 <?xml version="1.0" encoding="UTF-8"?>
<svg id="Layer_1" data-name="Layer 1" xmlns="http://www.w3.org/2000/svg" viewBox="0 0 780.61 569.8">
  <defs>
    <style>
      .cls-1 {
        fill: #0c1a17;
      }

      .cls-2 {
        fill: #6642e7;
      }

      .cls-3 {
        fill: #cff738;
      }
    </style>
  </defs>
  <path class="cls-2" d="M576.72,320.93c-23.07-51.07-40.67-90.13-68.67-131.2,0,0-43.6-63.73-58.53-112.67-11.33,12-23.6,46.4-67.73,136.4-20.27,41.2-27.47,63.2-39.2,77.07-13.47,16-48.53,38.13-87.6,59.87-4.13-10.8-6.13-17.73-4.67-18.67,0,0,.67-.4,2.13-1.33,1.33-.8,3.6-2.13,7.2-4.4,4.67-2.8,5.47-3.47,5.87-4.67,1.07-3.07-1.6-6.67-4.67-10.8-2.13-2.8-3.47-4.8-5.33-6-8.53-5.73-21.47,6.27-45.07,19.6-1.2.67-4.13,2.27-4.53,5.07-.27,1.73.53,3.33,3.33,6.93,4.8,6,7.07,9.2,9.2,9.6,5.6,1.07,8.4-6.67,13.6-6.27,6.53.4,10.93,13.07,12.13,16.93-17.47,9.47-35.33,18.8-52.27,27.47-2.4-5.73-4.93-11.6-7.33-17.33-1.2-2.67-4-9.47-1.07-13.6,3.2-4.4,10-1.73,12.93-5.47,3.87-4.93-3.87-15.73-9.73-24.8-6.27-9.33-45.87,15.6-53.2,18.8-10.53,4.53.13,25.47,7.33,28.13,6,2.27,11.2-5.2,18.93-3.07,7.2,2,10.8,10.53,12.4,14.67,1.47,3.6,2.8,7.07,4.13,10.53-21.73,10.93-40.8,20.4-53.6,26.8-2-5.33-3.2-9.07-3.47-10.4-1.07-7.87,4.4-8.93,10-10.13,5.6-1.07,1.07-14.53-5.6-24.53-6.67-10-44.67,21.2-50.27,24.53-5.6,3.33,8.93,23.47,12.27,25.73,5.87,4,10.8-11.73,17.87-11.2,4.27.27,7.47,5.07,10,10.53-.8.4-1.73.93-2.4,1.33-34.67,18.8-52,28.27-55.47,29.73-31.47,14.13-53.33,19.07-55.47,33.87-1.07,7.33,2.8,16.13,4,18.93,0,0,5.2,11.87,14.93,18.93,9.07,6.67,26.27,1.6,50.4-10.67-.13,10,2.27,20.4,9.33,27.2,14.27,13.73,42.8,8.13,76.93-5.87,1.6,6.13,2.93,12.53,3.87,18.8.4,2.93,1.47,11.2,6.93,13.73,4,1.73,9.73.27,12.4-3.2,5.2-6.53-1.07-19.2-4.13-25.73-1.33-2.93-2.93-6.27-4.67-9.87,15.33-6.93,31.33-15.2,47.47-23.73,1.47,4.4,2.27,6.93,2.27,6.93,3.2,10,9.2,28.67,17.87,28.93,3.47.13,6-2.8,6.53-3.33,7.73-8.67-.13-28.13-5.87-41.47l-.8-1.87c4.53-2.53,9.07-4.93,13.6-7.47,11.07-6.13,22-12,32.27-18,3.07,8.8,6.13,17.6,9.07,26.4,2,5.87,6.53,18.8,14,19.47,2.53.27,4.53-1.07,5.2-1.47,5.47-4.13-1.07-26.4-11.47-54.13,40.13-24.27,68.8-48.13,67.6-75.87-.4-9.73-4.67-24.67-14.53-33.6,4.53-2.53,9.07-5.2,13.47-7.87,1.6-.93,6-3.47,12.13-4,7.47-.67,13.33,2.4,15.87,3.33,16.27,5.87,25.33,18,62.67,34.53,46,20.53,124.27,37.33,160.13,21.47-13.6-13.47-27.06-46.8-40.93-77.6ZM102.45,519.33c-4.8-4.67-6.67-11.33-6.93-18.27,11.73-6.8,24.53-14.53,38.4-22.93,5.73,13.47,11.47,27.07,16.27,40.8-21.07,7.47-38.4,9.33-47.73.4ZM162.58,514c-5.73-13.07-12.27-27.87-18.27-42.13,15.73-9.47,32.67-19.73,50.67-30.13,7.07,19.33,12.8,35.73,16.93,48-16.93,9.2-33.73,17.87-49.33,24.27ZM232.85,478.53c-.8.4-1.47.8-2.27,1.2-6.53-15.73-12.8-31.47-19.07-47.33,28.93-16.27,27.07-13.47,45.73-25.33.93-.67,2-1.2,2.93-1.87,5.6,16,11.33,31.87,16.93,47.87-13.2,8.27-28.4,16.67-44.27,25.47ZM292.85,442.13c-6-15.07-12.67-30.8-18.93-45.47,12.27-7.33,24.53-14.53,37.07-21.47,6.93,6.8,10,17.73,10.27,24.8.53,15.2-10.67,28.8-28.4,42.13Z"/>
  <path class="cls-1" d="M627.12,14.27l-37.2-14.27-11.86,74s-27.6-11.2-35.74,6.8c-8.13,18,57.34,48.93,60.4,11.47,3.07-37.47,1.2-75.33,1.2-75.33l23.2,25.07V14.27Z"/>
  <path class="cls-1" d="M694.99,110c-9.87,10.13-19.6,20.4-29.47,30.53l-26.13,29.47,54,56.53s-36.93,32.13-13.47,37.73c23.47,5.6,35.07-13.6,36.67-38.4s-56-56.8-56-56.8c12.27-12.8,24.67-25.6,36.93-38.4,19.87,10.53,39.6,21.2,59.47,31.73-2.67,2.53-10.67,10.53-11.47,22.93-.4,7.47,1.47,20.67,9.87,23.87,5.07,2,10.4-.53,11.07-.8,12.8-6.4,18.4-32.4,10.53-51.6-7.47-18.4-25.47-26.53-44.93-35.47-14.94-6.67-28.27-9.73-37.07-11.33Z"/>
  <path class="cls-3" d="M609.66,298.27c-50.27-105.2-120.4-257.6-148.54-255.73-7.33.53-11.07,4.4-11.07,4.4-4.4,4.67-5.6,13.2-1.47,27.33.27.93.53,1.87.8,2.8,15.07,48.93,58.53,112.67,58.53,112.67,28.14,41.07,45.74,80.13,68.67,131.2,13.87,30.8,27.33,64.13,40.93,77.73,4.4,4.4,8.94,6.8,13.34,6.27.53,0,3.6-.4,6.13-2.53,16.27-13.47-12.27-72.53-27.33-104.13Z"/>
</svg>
◇ ◇ ◇ ◇ ◇
● **EXERCISE OBJECTIVE**
Return each line among the entries that holds the word "fill".

● **PROBLEM SOLUTION**
        fill: #0c1a17;
        fill: #6642e7;
        fill: #cff738;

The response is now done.